There are many ways to measure whether social mobility is improving or not but one of the most relevant ways is to compare the number of young people from state schools and colleges going to the most selective* universities with those coming from the independent sector. Sadly, the evidence is not good. The most recent DfE statistics show that the situation has been deteriorating over the last seven years (https://tinyurl.com/y9jdwvdq):

So, in simple terms, state students are becoming less likely to get in to the ‘best’ universities. Yes, there is evidence that shows increasing numbers of young people from all backgrounds are actually getting to university, but questions are being increasingly asked as to whether it is worth it, when balancing the levels of student debt with future earnings from ‘lesser’ degrees. In contrast, earnings for graduates from the ‘best’ universities remain consistently high.
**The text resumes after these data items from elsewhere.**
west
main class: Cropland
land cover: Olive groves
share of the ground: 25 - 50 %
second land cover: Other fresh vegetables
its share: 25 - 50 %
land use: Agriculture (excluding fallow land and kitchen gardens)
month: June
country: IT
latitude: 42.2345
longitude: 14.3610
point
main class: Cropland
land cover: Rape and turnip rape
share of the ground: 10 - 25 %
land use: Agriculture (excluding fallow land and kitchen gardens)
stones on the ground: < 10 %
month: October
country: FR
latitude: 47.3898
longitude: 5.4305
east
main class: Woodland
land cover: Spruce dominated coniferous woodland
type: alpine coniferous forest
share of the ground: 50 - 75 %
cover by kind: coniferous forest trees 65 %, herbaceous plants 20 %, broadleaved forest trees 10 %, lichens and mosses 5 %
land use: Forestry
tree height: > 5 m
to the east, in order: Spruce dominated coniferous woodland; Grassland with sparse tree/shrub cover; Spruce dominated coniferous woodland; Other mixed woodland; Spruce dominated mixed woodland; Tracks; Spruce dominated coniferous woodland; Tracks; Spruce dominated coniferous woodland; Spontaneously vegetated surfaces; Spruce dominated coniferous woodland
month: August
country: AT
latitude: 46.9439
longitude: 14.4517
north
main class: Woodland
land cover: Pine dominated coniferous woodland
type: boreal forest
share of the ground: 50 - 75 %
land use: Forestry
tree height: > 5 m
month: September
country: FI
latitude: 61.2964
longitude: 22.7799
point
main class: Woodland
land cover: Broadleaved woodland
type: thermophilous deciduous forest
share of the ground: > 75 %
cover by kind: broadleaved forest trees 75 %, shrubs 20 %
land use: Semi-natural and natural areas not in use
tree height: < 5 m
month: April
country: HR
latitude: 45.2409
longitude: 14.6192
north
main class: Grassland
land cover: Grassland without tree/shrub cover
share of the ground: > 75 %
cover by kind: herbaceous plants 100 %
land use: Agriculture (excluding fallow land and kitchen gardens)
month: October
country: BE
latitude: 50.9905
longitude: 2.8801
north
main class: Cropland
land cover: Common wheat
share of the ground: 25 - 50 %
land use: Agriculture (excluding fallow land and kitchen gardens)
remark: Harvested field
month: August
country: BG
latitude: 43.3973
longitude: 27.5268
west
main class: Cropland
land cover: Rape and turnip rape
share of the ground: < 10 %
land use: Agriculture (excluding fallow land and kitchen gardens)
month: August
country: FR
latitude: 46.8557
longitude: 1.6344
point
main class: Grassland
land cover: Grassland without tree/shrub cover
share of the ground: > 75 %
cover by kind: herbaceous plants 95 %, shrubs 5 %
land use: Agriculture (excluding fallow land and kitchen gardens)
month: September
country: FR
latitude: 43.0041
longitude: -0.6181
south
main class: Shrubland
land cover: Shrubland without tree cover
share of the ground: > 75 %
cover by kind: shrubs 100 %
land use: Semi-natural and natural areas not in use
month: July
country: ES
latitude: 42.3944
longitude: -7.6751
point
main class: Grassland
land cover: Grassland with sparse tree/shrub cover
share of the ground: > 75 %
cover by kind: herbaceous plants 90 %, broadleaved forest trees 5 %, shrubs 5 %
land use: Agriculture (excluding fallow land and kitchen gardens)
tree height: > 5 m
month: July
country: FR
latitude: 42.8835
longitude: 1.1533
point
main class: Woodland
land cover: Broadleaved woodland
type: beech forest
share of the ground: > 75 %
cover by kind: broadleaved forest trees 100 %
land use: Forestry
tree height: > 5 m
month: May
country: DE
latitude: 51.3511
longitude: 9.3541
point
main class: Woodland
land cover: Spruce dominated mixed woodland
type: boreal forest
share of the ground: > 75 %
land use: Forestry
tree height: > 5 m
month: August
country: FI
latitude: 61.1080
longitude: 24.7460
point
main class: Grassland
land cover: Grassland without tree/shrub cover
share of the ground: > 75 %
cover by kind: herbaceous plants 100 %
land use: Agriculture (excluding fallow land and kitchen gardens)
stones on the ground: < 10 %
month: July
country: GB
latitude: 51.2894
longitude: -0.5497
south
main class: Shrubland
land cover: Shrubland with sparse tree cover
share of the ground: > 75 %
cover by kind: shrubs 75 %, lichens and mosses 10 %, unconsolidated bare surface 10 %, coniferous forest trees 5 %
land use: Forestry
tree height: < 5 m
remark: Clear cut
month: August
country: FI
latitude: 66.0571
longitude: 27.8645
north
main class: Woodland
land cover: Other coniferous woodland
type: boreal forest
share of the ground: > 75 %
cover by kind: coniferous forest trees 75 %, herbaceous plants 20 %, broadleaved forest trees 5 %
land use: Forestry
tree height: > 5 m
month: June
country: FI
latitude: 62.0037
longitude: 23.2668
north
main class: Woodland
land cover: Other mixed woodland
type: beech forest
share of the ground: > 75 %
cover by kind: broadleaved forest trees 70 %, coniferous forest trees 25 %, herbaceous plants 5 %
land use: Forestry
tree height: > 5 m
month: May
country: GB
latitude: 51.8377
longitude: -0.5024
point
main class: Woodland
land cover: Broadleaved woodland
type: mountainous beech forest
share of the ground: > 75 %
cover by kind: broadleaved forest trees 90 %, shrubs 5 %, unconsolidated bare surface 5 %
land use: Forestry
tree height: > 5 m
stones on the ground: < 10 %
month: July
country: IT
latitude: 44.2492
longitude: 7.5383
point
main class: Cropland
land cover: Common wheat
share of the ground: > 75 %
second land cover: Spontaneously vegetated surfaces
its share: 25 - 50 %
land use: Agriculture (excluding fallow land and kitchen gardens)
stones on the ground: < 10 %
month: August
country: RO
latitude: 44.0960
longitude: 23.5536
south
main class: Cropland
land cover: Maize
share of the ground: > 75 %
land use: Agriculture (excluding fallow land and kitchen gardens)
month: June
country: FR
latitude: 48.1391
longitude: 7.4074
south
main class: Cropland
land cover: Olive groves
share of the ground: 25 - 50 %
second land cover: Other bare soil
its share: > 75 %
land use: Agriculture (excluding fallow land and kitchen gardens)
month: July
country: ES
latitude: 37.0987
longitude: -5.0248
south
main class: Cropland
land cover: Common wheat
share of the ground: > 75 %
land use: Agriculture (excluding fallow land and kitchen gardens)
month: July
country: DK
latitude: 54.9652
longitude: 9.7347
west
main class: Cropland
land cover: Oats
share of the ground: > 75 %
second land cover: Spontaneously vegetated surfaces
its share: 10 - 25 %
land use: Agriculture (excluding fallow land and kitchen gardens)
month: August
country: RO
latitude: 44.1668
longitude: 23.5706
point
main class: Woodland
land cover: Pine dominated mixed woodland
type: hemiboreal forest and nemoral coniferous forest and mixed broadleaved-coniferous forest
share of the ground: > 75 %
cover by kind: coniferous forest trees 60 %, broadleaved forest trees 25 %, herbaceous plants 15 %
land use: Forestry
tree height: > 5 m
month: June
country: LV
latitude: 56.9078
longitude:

So who or what is to blame for this?

Apportioning blame is easy, finding evidence is trickier. However, one constant over the same time period has been the steady reduction in 16–19 funding. The consequences of funding reductions are well-known and can be categorised into two areas: first, those that result in poorer examination outcomes – because of larger class sizes, less curriculum time, less curriculum choice, reduced teaching resources and fewer educational extras such as curriculum trips and speakers and, second, those that result in poorer applicant characteristics – lack of funding for extra-curricular classes, sports, visits, trips and so forth, resulting in students having less ‘social capital’. Both of these sets of factors combine to reduce an applicant’s chances of being accepted at the ‘best’ universities. Indeed, this ‘gap’ is one of the key factors behind ASCL’s prominent 16–19 funding campaign.

Is anything being done to improve the situation?

The only movement on the funding side seems to be on technical education with a promised new £500 million for the government’s flagship T level programme. Clearly this investment, welcome though it is, will not reduce the ‘selective university gap’.

Perhaps, though, the government would argue that it is approaching the problem from another angle – through two initiatives encouraging universities to widen participation opportunities. The first, more established, policy is the university access agreement. This is a document that sets out how a university or college charging the higher tuition fees of £9,250, as opposed to the basic fee of £6,165, intends to safeguard and promote fair access to higher education through outreach work and financial support for disadvantaged students.

The second initiative, launched in January 2017, is the National Collaborative Outreach Programme (NCOP). With funding of £60 million per year, the programme aims to use collaborative partnerships of higher-education providers (HEPs), schools, colleges, charities and other local agencies to deliver outreach in a thousand targeted wards where participation in higher education is low. A total of 260 higher-education providers are involved in the programme.

Educationalists working in the HE sector may feel that these initiatives will ‘close the gap’ and perhaps they will. However, those working in 16–19 education would prefer that the sector has sufficient funding to provide a 16–19 experience that promotes the same levels of ambition, outcomes and opportunity in our young people as their counterparts experience in the independent sector. Only then perhaps will we see social mobility start to improve in a meaningful way. Give us the money and we will close the gap.

*The most selective are defined as the top third of HEPs when ranked by mean UCAS tariff score from the top three A level grades of entrants.